◆ **PROBLEM DESCRIPTION**
Restate, exactly as written, the entries below from the line that holds "Q: Is the text italic (slanted)? A: Yes, it" through the line that holds "The image shows 59". Pictures are not part of the copy.

━━ INFORMATION GIVEN ━━

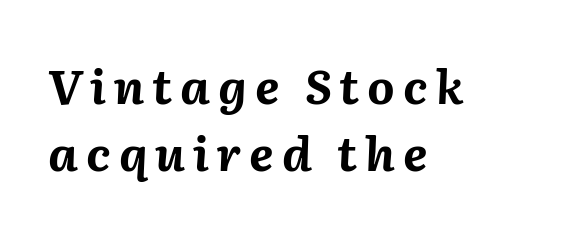
{"italic": "yes", "lean": "right", "slant_degrees": 2, "bold": "yes", "weight": "bold", "width": "normal", "stroke_contrast": "medium", "x_height": "medium", "monospaced": "no", "underline": "no", "align": "left", "line_spacing": "normal", "line_spacing_ratio": 1.43, "glyph_px": 47}
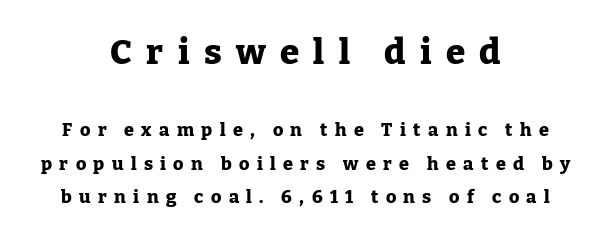
Character size in the leading block exceeds that of the trailing block. The typography opts for an upright posture over an oblique one. The letterforms stand isolated, each surrounded by extra space. Is this a sans? No — the strokes have serifs. The paragraph has two soft edges and a firm central axis.
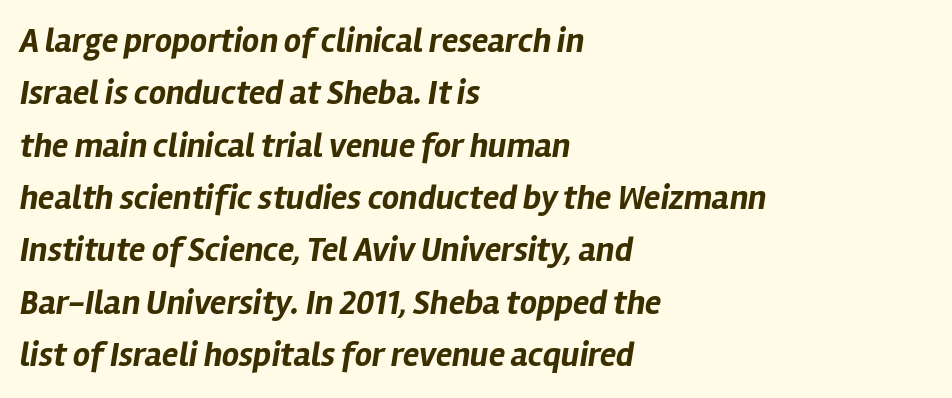
{"italic": "yes", "lean": "right", "slant_degrees": 12, "bold": "yes", "weight": "bold", "width": "normal", "stroke_contrast": "low", "x_height": "medium", "monospaced": "no", "underline": "no", "align": "left", "line_spacing": "normal", "line_spacing_ratio": 1.54, "letter_spacing": "normal", "letter_spacing_em": 0.0, "glyph_px": 34}
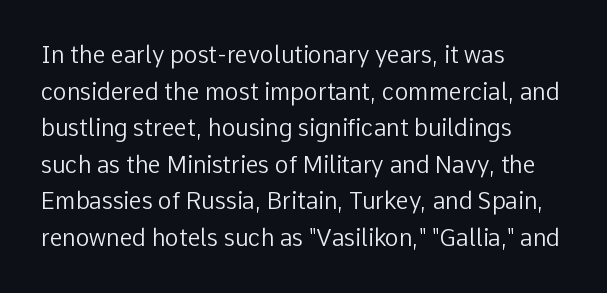
{"italic": "no", "bold": "no", "underline": "no", "align": "left", "line_spacing": "normal", "line_spacing_ratio": 1.59, "letter_spacing": "normal", "letter_spacing_em": 0.0, "glyph_px": 23}
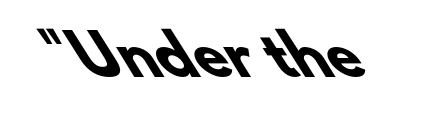
{"serif": "no", "bold": "yes", "weight": "heavy", "width": "normal", "stroke_contrast": "low", "x_height": "small", "monospaced": "no", "underline": "no", "letter_spacing": "normal", "letter_spacing_em": 0.0, "glyph_px": 55}
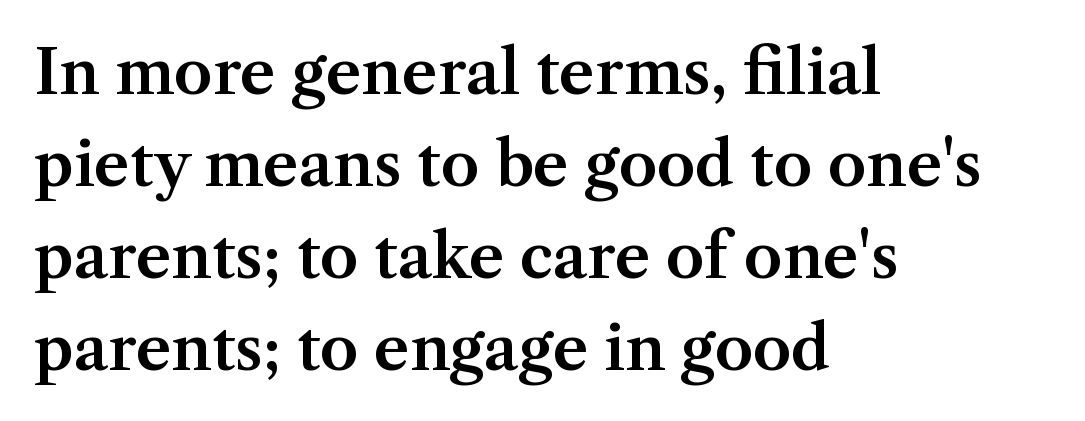
The image shows 61 px serif type, upright; set left-aligned, normal line spacing (1.51x), normal letter spacing, not underlined; medium stroke contrast and a medium x-height.
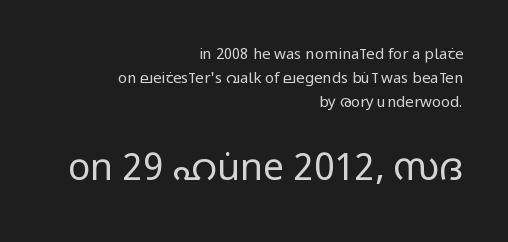
Visually the block forms a straight wall on the right and a jagged coastline on the left. The second block has been scaled up relative to the first. The line-height multiplier appears to be the usual default. Note the varied advance widths — an 'i' is clearly narrower than an 'm'. No extra tracking has been applied to these lines. A roman cut, with each character standing at attention.
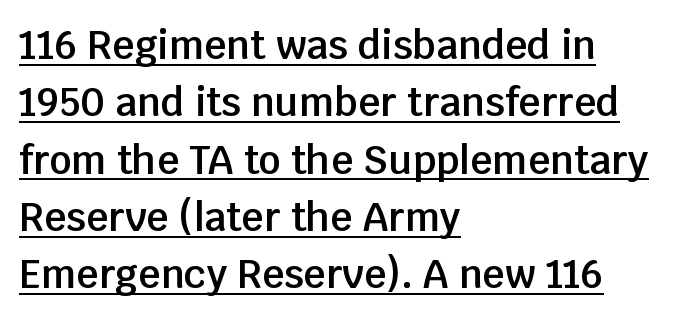
{"serif": "no", "italic": "no", "bold": "semi", "weight": "semibold", "width": "normal", "stroke_contrast": "low", "x_height": "large", "monospaced": "no", "underline": "yes", "align": "left", "line_spacing": "normal", "line_spacing_ratio": 1.47, "letter_spacing": "normal", "letter_spacing_em": 0.0, "glyph_px": 39}
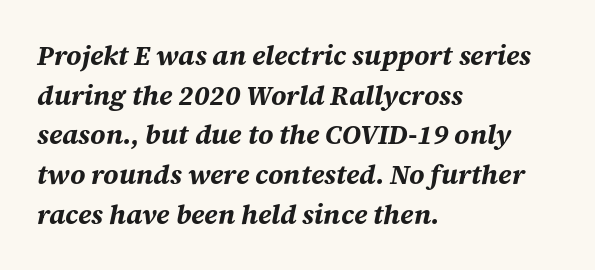
Q: Is the text bold? A: Yes.
Q: Is the text italic (slanted)? A: Yes, it leans right by about 12 degrees.
Q: Is the text underlined? A: No.
Q: How is the paragraph aligned? A: Left-aligned.
Q: Is the spacing between letters normal or unusually wide? A: Normal.
Q: Is the spacing between lines tight, normal or loose? A: Normal.
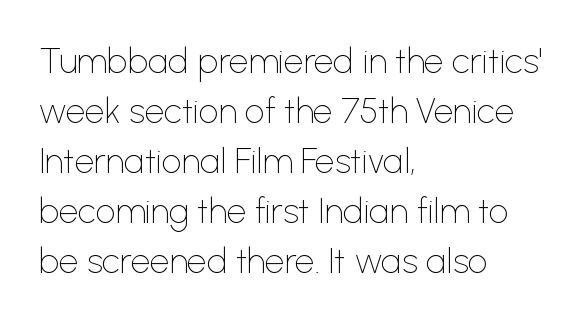
The image shows 35 px thin sans-serif type, upright; set left-aligned, normal line spacing (1.43x), normal letter spacing, not underlined; low stroke contrast and a medium x-height.
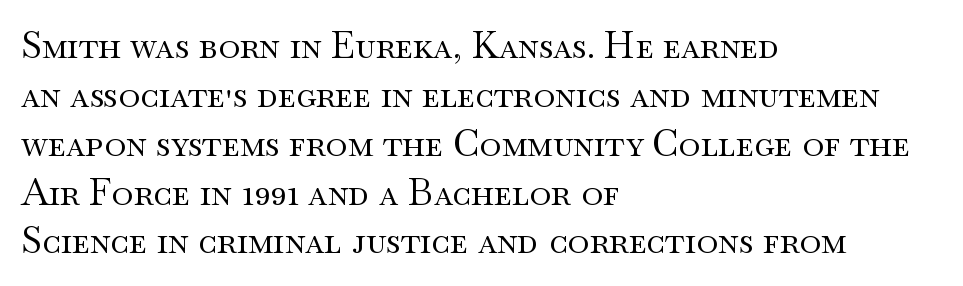
The image shows 37 px regular-weight, wide serif type, upright; set left-aligned, normal line spacing (1.32x), normal letter spacing, not underlined; medium stroke contrast and a small x-height.
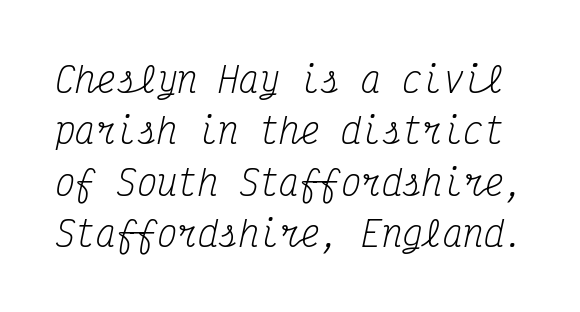
This is serif lettering, the kind often seen in printed books. Each new line begins a customary step beneath the previous one. Look at the tracking — it's just the regular setting, nothing added. Words float on clear page, feet unadorned. Each letter, wide or thin by design, is forced into the same width here.
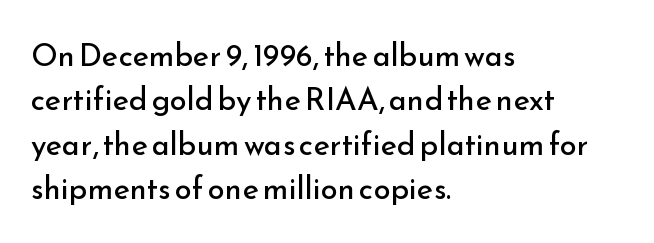
{"serif": "no", "italic": "no", "bold": "no", "weight": "regular", "width": "normal", "stroke_contrast": "low", "x_height": "small", "monospaced": "no", "underline": "no", "align": "left", "line_spacing": "normal", "line_spacing_ratio": 1.43, "letter_spacing": "normal", "letter_spacing_em": 0.0, "glyph_px": 31}
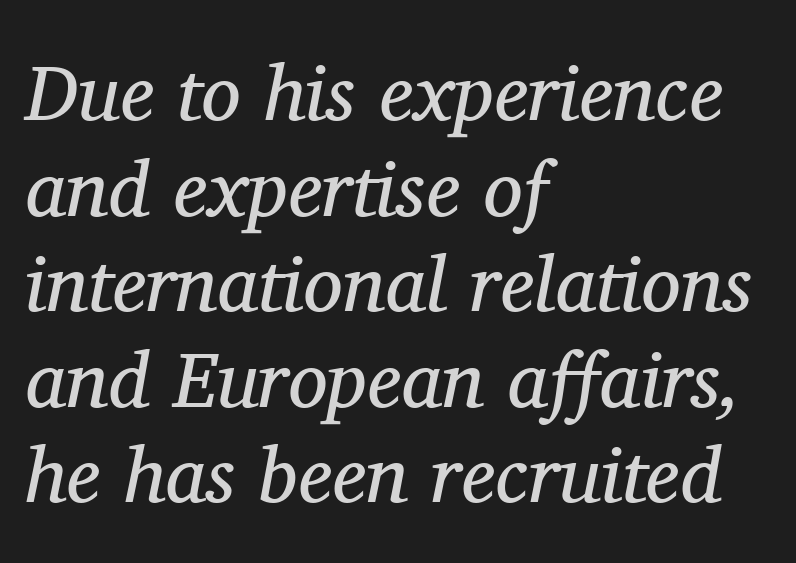
The image shows 79 px regular-weight serif type, italic (leaning right); set left-aligned, line spacing 1.21x, normal letter spacing, not underlined; medium stroke contrast and a medium x-height.
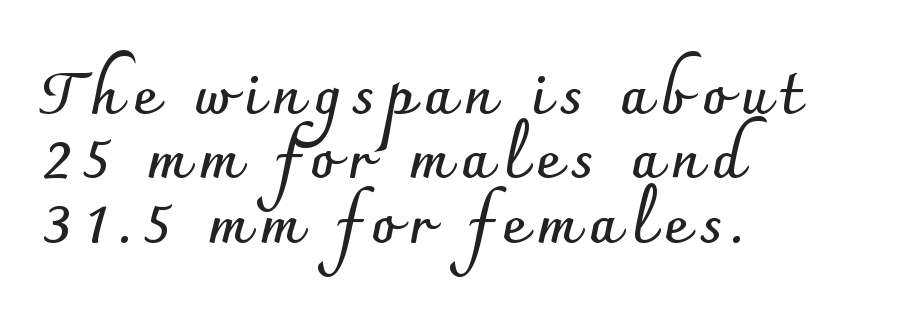
The image shows 59 px semibold sans-serif type; set left-aligned, tight line spacing (1.09x), not underlined; low stroke contrast and a small x-height.
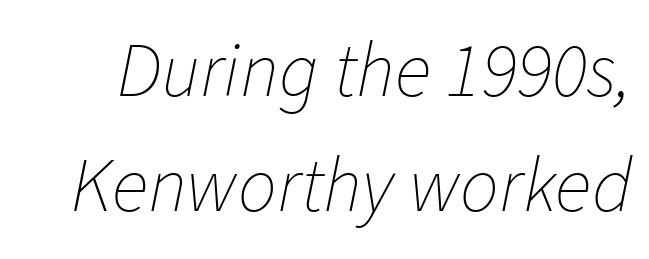
{"italic": "yes", "lean": "right", "slant_degrees": 11, "bold": "no", "weight": "thin", "width": "normal", "stroke_contrast": "low", "x_height": "medium", "monospaced": "no", "underline": "no", "line_spacing": "normal", "line_spacing_ratio": 1.49, "letter_spacing": "normal", "letter_spacing_em": 0.0, "glyph_px": 77}
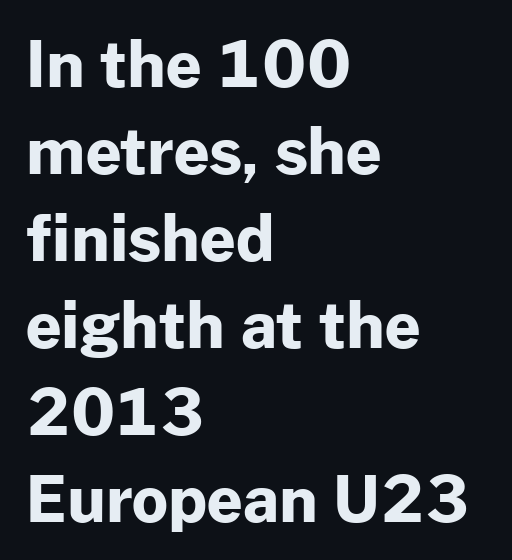
Q: Is the text bold? A: Yes.
Q: Is the text italic (slanted)? A: No, it is upright.
Q: Is the typeface a serif or a sans-serif typeface? A: Sans-serif.
Q: Is the text underlined? A: No.
Q: How is the paragraph aligned? A: Left-aligned.
Q: Is the spacing between letters normal or unusually wide? A: Normal.
Q: Is the spacing between lines tight, normal or loose? A: Normal.
Q: Width (condensed, normal, or wide)? A: Normal.
Q: Stroke contrast? A: Low.
Q: x-height? A: Medium.
Q: Monospaced? A: No.
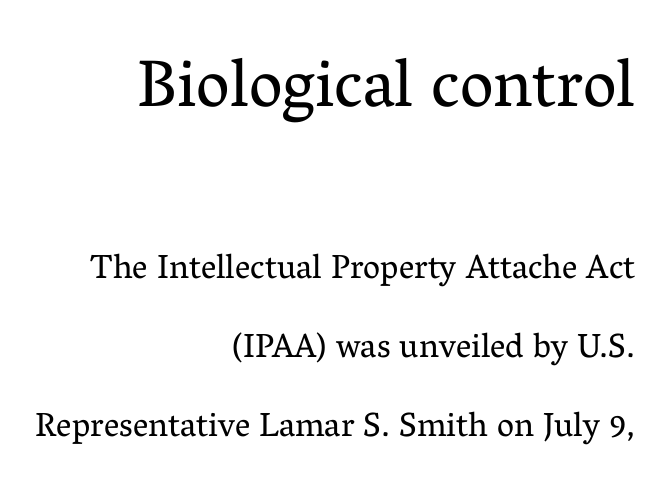
Is the block centered? No — it sits flush against the right margin. Summary of weight: not heavy and not bold. The lettering holds an erect, upright posture throughout. The composition opens big and finishes small. These lines are composed in type with serifs.
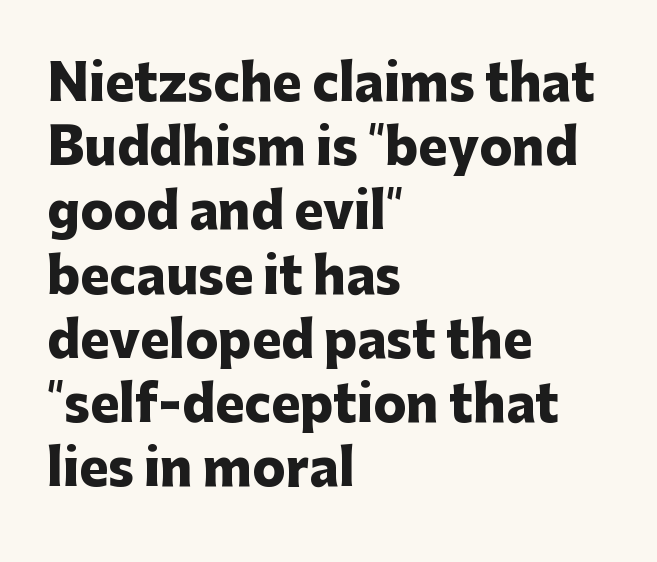
The image shows 49 px heavy sans-serif type, upright; set left-aligned, normal line spacing (1.31x), normal letter spacing, not underlined; low stroke contrast and a medium x-height.
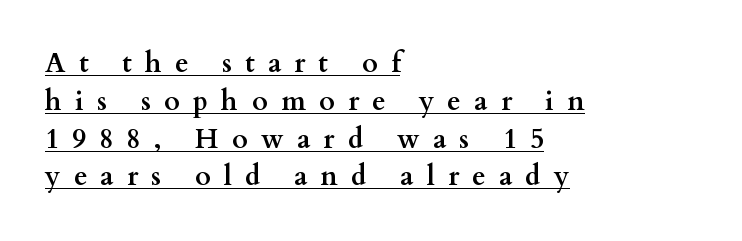
The image shows 27 px bold type, upright; set left-aligned, normal line spacing (1.4x), unusually wide letter spacing (+0.49 em), underlined.
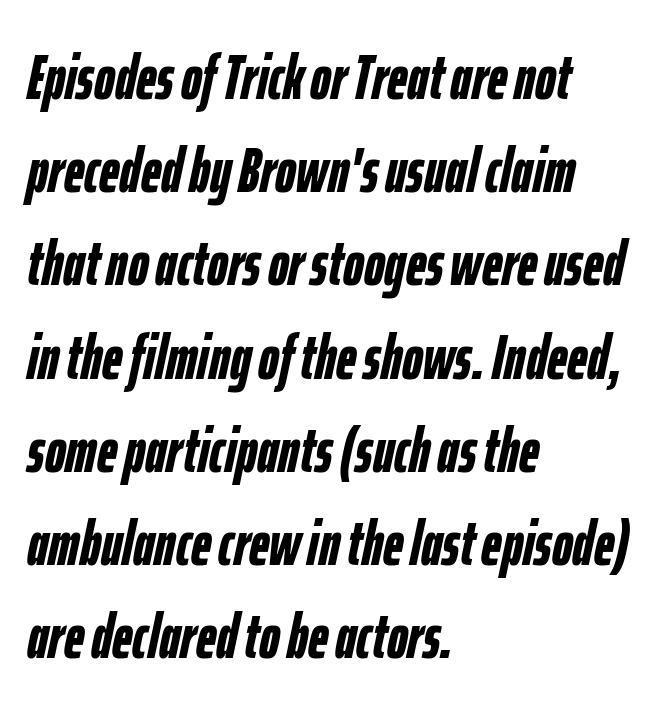
The image shows 63 px semibold, condensed type, italic (leaning right); set left-aligned, normal line spacing (1.48x), normal letter spacing, not underlined; low stroke contrast and a medium x-height.
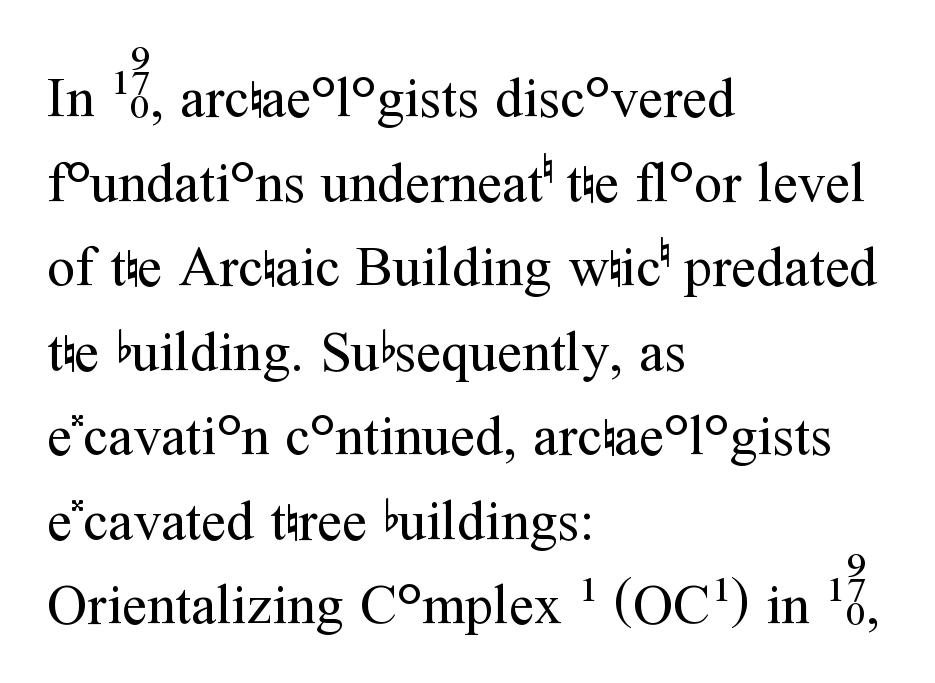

━━━

◆ **WRITTEN ANSWER**
Q: Is the text italic (slanted)? A: Yes, it leans right by about 12 degrees.
Q: Is the text underlined? A: No.
Q: How is the paragraph aligned? A: Left-aligned.
Q: Is the spacing between letters normal or unusually wide? A: Normal.
Q: Is the spacing between lines tight, normal or loose? A: Normal.
The image shows 35 px thin sans-serif type, upright; set left-aligned, normal line spacing (1.43x), normal letter spacing, not underlined; low stroke contrast and a medium x-height.
The image shows 37 px regular-weight, wide serif type, upright; set left-aligned, normal line spacing (1.32x), normal letter spacing, not underlined; medium stroke contrast and a small x-height.
This is serif lettering, the kind often seen in printed books. Each new line begins a customary step beneath the previous one. Look at the tracking — it's just the regular setting, nothing added. Words float on clear page, feet unadorned. Each letter, wide or thin by design, is forced into the same width here.
{"serif": "no", "italic": "no", "bold": "no", "weight": "regular", "width": "normal", "stroke_contrast": "low", "x_height": "small", "monospaced": "no", "underline": "no", "align": "left", "line_spacing": "normal", "line_spacing_ratio": 1.43, "letter_spacing": "normal", "letter_spacing_em": 0.0, "glyph_px": 31}
The image shows 79 px regular-weight serif type, italic (leaning right); set left-aligned, line spacing 1.21x, normal letter spacing, not underlined; medium stroke contrast and a medium x-height.
The image shows 59 px semibold sans-serif type; set left-aligned, tight line spacing (1.09x), not underlined; low stroke contrast and a small x-height.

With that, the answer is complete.